3 min read
In an appearance on the Tim Ferris Show podcast, Ethereum creator Vitalik Buterin has highlighted a "really powerful" scaling solution that will tide the smart contracts platform over ahead of its ETH 2 upgrade.
Buterin argued that Rollups could be the solution to Ethereum’s current scaling issues, at least until the introduction of sharding technology in Ethereum 2.0.
With Ethereum transaction fees hitting record highs earlier this year, debates over the network’s scalability are heating up again. As of today, the average cost of sending ETH is around $16—considerably less than the $38 one had to pay last month, but still a significant amount of money for a cryptocurrency transaction that's supposed to be fast and cheap.
Sharding is touted to be the most promising solution to Ethereum’s scalability problems, but it’s not coming any time soon. The technique, which breaks large amounts of data into smaller pieces, has been designed for ETH 2—Ethereum’s upcoming proof-of-stake blockchain. That means another solution has to be found before the transition from the current proof-of work chain is complete.
One such solution is Rollups, a Layer 2 method of aggregating transactions inside smart contracts. Aimed at reducing fees and the network’s congestion, Rollups are theoretically capable of increasing the platform’s throughput from the current 15 TPS to more than 1,000 TPS.
The concept, first described by Vitalik Buterin in 2014 and originally called “shadow chains,” has two main approaches: ZK-Rollups and Optimistic Rollups. The latter is increasingly becoming a preferred choice among the developers of decentralized finance (DeFi) applications, with projects like Synthetix Exchange and Polygon (formerly known as Matic Network) already implementing the solution.

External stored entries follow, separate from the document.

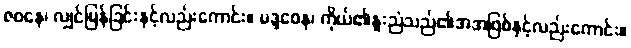
ဇဝနေ၊ လျှင်မြန်ခြင်းနှင့်လည်းကောင်း။ မဒ္ဒဝေန၊ ကိုယ်၏နူးညံသည်၏အအဖြစ်နှင့်လည်းကောင်း။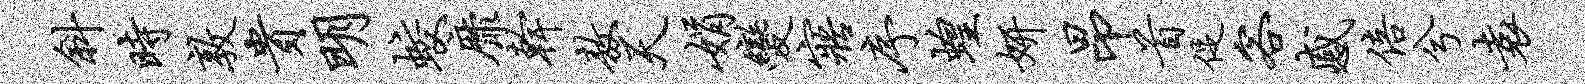
斜时敦贵明蛟靡干敖天娟变寤序蝗妍昂首促客感倍兮袁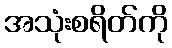
အသုံးစရိတ်ကို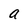
Character: a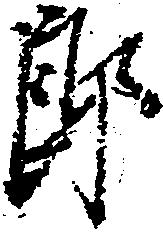
郎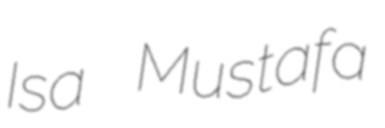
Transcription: Isa Mustafa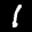
Label: 1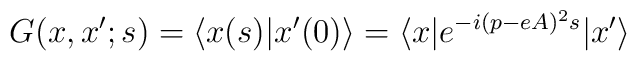
G(x,x';s)=\langle x(s)|x'(0)\rangle = \langle x|e^{-i (p-eA)^{2} s}|x'\rangle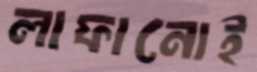
লাফানোই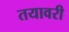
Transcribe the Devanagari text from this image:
तयावरी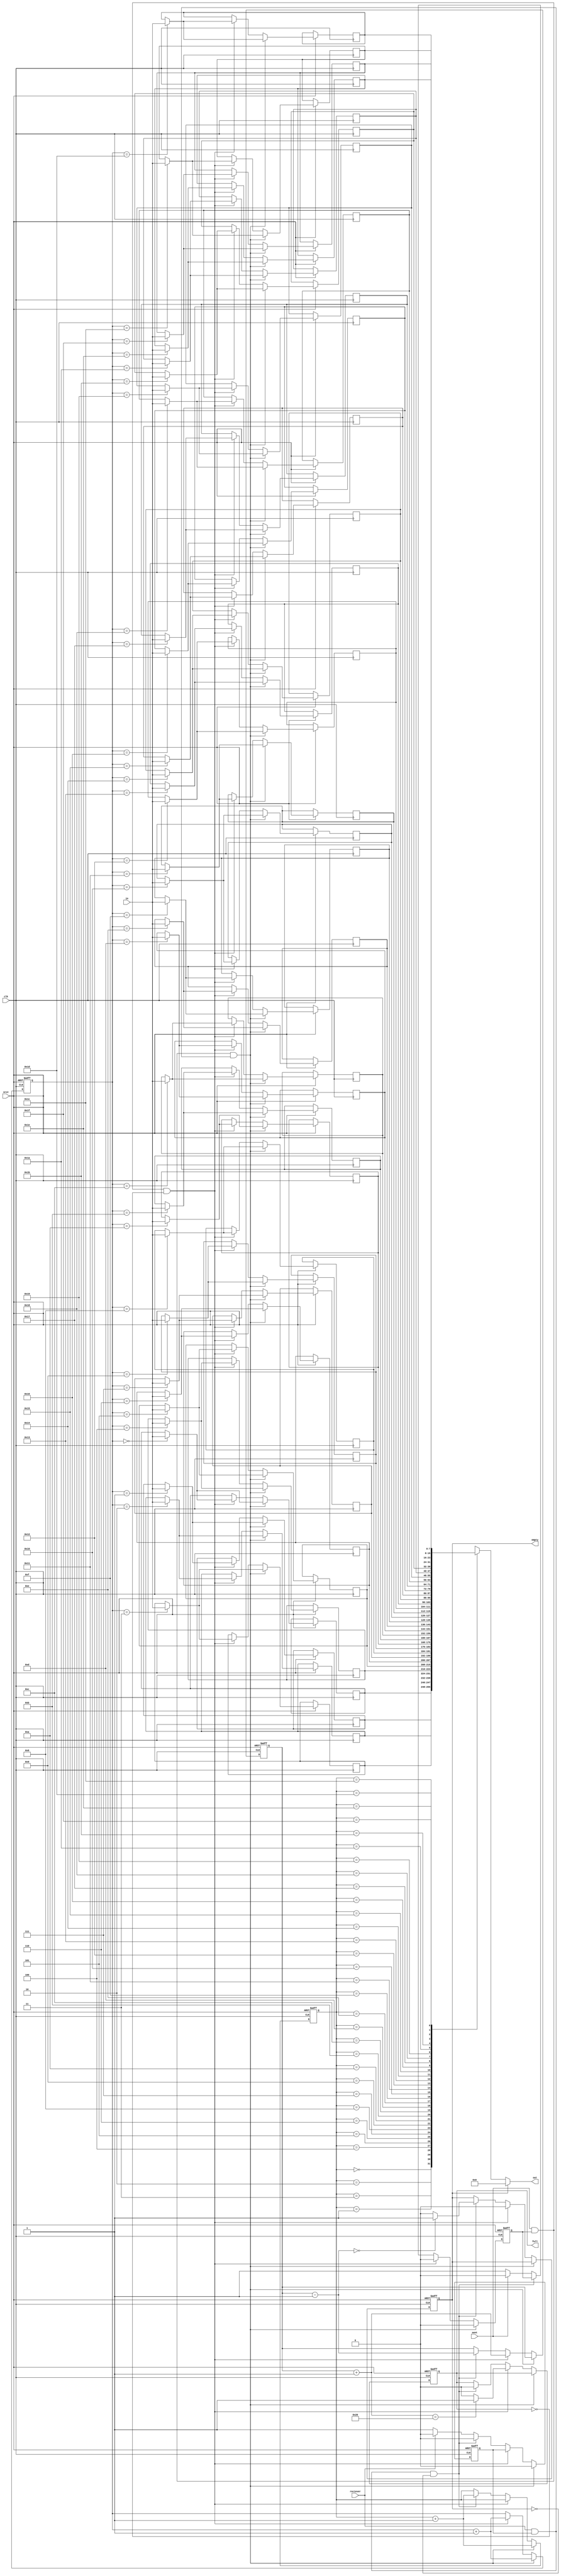
`timescale 1ns / 1ps
//////////////////////////////////////////////////////////////////////////////////
// Company: 
// Engineer: 
// 
// Design Name: 
// Module Name: FIFO
// Project Name: 
// Target Devices: 
// Tool Versions: 
// Description: 
// 
// Dependencies: 
// 
// Revision:
// Revision 0.01 - File Created
// Additional Comments:
// 
//////////////////////////////////////////////////////////////////////////////////

module FIFO(in, nrst, sent, out, empty, full, reciever, clk);
    input  [7:0]in;
    input  nrst,
           sent, clk; 
    
    input  reciever;       
    output [7:0]out;
    output  reg empty,
            full;
    
    parameter capacity = 32;
    parameter counter_width = $clog2(capacity);
    reg [7:0]ram[0: capacity-1];
    reg [0:counter_width-1] rear, front;
    reg s_en, r_en;
    reg [0:counter_width] length;
    wire[0:counter_width] length_incr;
    wire[0:counter_width] length_decr;
    
    assign length_incr = length + 1;
    assign length_decr = length - 1;
    
    always @(posedge clk or negedge nrst) begin
        if(!nrst) begin
            front =0;
            rear =0;
    
            empty <= 1'b1;
            full <= 1'b0;
            
            s_en <=1;
            r_en <=1;
            length <=0;
        end
        
        else begin
            if ((sent && s_en) && (reciever && r_en)) begin
                rear <= rear + 1;
                ram[rear] <= in;
                front <= front+1;
                s_en <= 0;
                r_en <= 0;
            end
            
            else if ((sent && s_en)  && !full) begin
                rear <= rear + 1;
                length <= length +1;
                ram[rear] <= in;
                s_en <= 0;
//                r_en =1;
                if (length_incr  == capacity) begin
                    empty <= 1'b0;
                    full <= 1'b1;
                end
                else begin
//                    s_en = 1;
//                    r_en =1;
                    empty <= 0;
                    full <= 0;
                end
            end
            else if ((reciever && r_en) && !empty) begin
//                out = ram[front];
                front <= front +1;
//                s_en = 1;
                r_en <=0;
                length <= length -1;
                if (length_decr  == 0) begin
                    empty <= 1'b1;
                    full <= 1'b0;
                end
                else begin
                    empty <= 0;
                    full <= 0;
//                    s_en = 1;
//                    r_en =1;
                end
            end
            else begin
                if (sent ==1)s_en <=0;
                else s_en <=1;
                if (reciever ==1)r_en <=0;
                else r_en <=1;

//                s_en <=1;
//                r_en <=1;
            end
        end
    end
    
    assign out = empty? 0 : ram[front];
endmodule
////////////////////////////////////////////////////////////////////////////////////

//module FIFO(in, nrst, sent, out, empty, full, almost_empty, almost_full, reciever);
//    input  [7:0]in;
//    input  nrst,
//           sent; 
    
//    input wire reciever;       
//    output [7:0]out;
//    output  reg empty,
//            full,
//            almost_empty,
//            almost_full;
    
//    parameter capacity = 16;
//    parameter counter_width = $clog2(capacity);
//    reg [7:0]ram[0: capacity-1];
//    reg [0:counter_width-1] rear, front;
    
    
// //   Tx uut3(.reciever(reciever)); posedge sent, posedge reciever, negedge nrst
    
//    always @(posedge sent or negedge nrst or posedge reciever) begin
//        if (!nrst) begin //n reset
////            ram =0;
//            front =0;
//            rear =0;
////            if (front == rear) begin
//                empty = 1'b0;
//                full = 1'b0;
//                almost_full = 1'b0;
//                almost_empty = 1'b0;
////            end
//        end
//        else begin
        
//            if (sent && reciever) begin
//                rear = rear + 1;
//                ram[rear] <= in;
//                front <= front+1;
//            end
//            else if (sent == 1'b1 && !full) begin
//                rear = rear + 1;
//                ram[rear] <= in;
//                if (rear == front) begin
//                    empty = 1'b0;
//                    full = 1'b1;
//                    almost_full = 1'b0;
//                    almost_empty = 1'b0;
//                end
//                else begin
//                    empty = 0;
//                    full = 0;
//                end
//            end
//            else if (reciever == 1'b1 && !empty) begin
////                out = ram[front];
//                front <= front +1;
//                if (rear == front) begin
//                    empty = 1'b1;
//                    full = 1'b0;
//                    almost_full = 1'b0;
//                    almost_empty = 1'b0;
//                end
//                else begin
//                    empty = 0;
//                    full = 0;
//                end
//            end
////            if (rear != front) begin
////                empty = 0;
////                full = 0;
////            end
//        end
//    end
    
////    always @(posedge reciever) begin
////        if (!nrst) begin //n reset
//////            ram =0;
////            front =0;
//////            rear =0;
//////            if (front == rear) begin
////                empty = 1'b0;
//////                full = 1'b0;
//////                almost_full = 1'b0;
//////                almost_empty = 1'b0;
//////            end
////        end
////        else begin
//////            if (sent == 1'b1 && !full) begin
//////                rear = rear + 1;
//////                ram[rear] <= in;
//////                if (rear == front) begin
//////                    empty = 1'b0;
//////                    full = 1'b1;
//////                    almost_full = 1'b0;
//////                    almost_empty = 1'b0;
//////                end
//////                else begin
//////                    empty = 0;
//////                    full = 0;
//////                end
//////            end
////            if (reciever == 1'b1 && !empty) begin
//////                out = ram[front];
////                front = front +1;
////                if (rear == front) begin
////                    empty = 1'b1;
//////                    full = 1'b0;
//////                    almost_full = 1'b0;
//////                    almost_empty = 1'b0;
////                end
////                else begin
////                    empty = 0;
//////                    full = 0;
////                end
////            end
//////            if (rear != front) begin
//////                empty = 0;
//////                full = 0;
//////            end
////        end    
////    end
//    assign out = ram[front];

//endmodule

Speaking on the Tim Ferris Show, Buterin noted that the Optimism team will roll out the release of Rollups “very soon” and that in the mid-term, while sharding is being prepared for implementation, it will help the Ethereum blockchain to scale by a factor of 100.
"If you have rollups, but you do not have sharding, you still have 100X factor scaling," Buterin said. "You still have the ability for the blockchain to go up to somewhere between 1,000 and 4,000 transactions a second, depending on how complex these transactions are."

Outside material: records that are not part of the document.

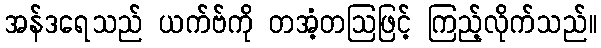
အန်ဒရေသည် ယက်ဗ်ကို တအံ့တဩဖြင့် ကြည့်လိုက်သည်။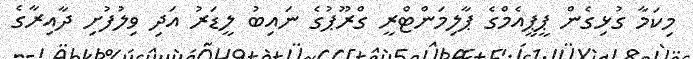
މިކަމާ ގުޅިގެން ޕީޕީއެމްގެ ޕާލިމަންޓްރީ ގްރޫޕުގެ ނައިބު ލީޑަރު އަދި ވިލުފުށި ދާއިރާގެ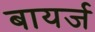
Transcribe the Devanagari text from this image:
बायर्ज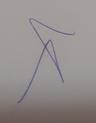
Signature authenticity: genuine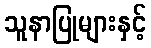
သူနာပြုများနှင့်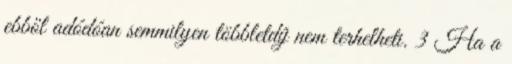
ebből adódóan semmilyen többletdíj nem terhelheti. 3 Ha a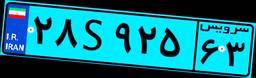
۵۵S۱۶۸۹۶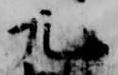
九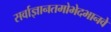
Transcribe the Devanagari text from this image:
सर्वाज्ञानतमोभेदभानवे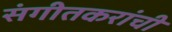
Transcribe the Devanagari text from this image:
संगीतकरांची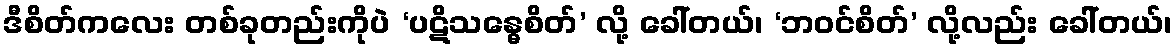
ဒီစိတ်ကလေး တစ်ခုတည်းကိုပဲ ‘ပဋိသန္ဓေစိတ်’ လို့ ခေါ်တယ်၊ ‘ဘဝင်စိတ်’ လို့လည်း ခေါ်တယ်၊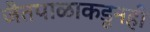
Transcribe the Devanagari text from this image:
जैतपाळाकडूनही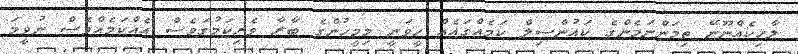
ލާހިކެއްނޫނޭ ތިމަންނަމެންގެ ކައުންސިލް ކަމެއްގައެއް ހީވަނީ މިމީހުންގެ ބާރާ ވެރިކަމުގަވެސް އެއްކަމެއްވެސް ނުވީމަ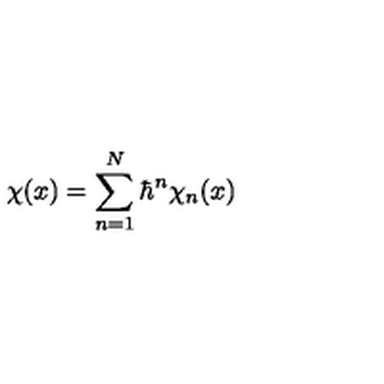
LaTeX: { \chi } ( x ) = \sum _ { n = 1 } ^ { N } { \hbar } ^ { n } { \chi } _ { n } ( x )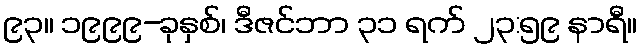
၉၃။ ၁၉၉၉-ခုနှစ်၊ ဒီဇင်ဘာ ၃၁ ရက် ၂၃:၅၉ နာရီ။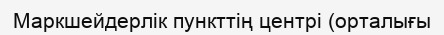
Маркшейдерлік пункттің центрі (орталығы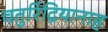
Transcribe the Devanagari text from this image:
चतुरिंद्रियानाह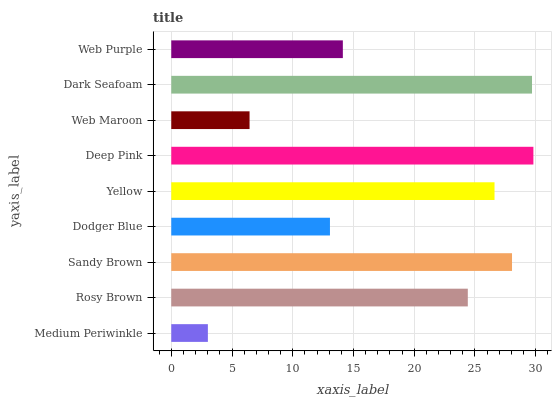
| yaxis_label | bars |
 | --- | --- |
 | Medium Periwinkle | 3.01 |
 | Rosy Brown | 24.4 |
 | Sandy Brown | 28.1 |
 | Dodger Blue | 13.1 |
 | Yellow | 26.6 |
 | Deep Pink | 29.8 |
 | Web Maroon | 6.45 |
 | Dark Seafoam | 29.7 |
 | Web Purple | 14.1 |

While exact timing for the Rollups release is still to be revealed, Ethereum is bracing for the Berlin hard fork. Scheduled for April, the upgrade will introduce several important improvements to the cryptocurrency’s underlying protocol. The Ethereum 2.0 upgrade, which is set to transition Ethereum to a new proof-of-stake consensus mechanism, launched its beacon chain in December 2020; more than 3 million ETH has been staked to secure the next-generation blockchain.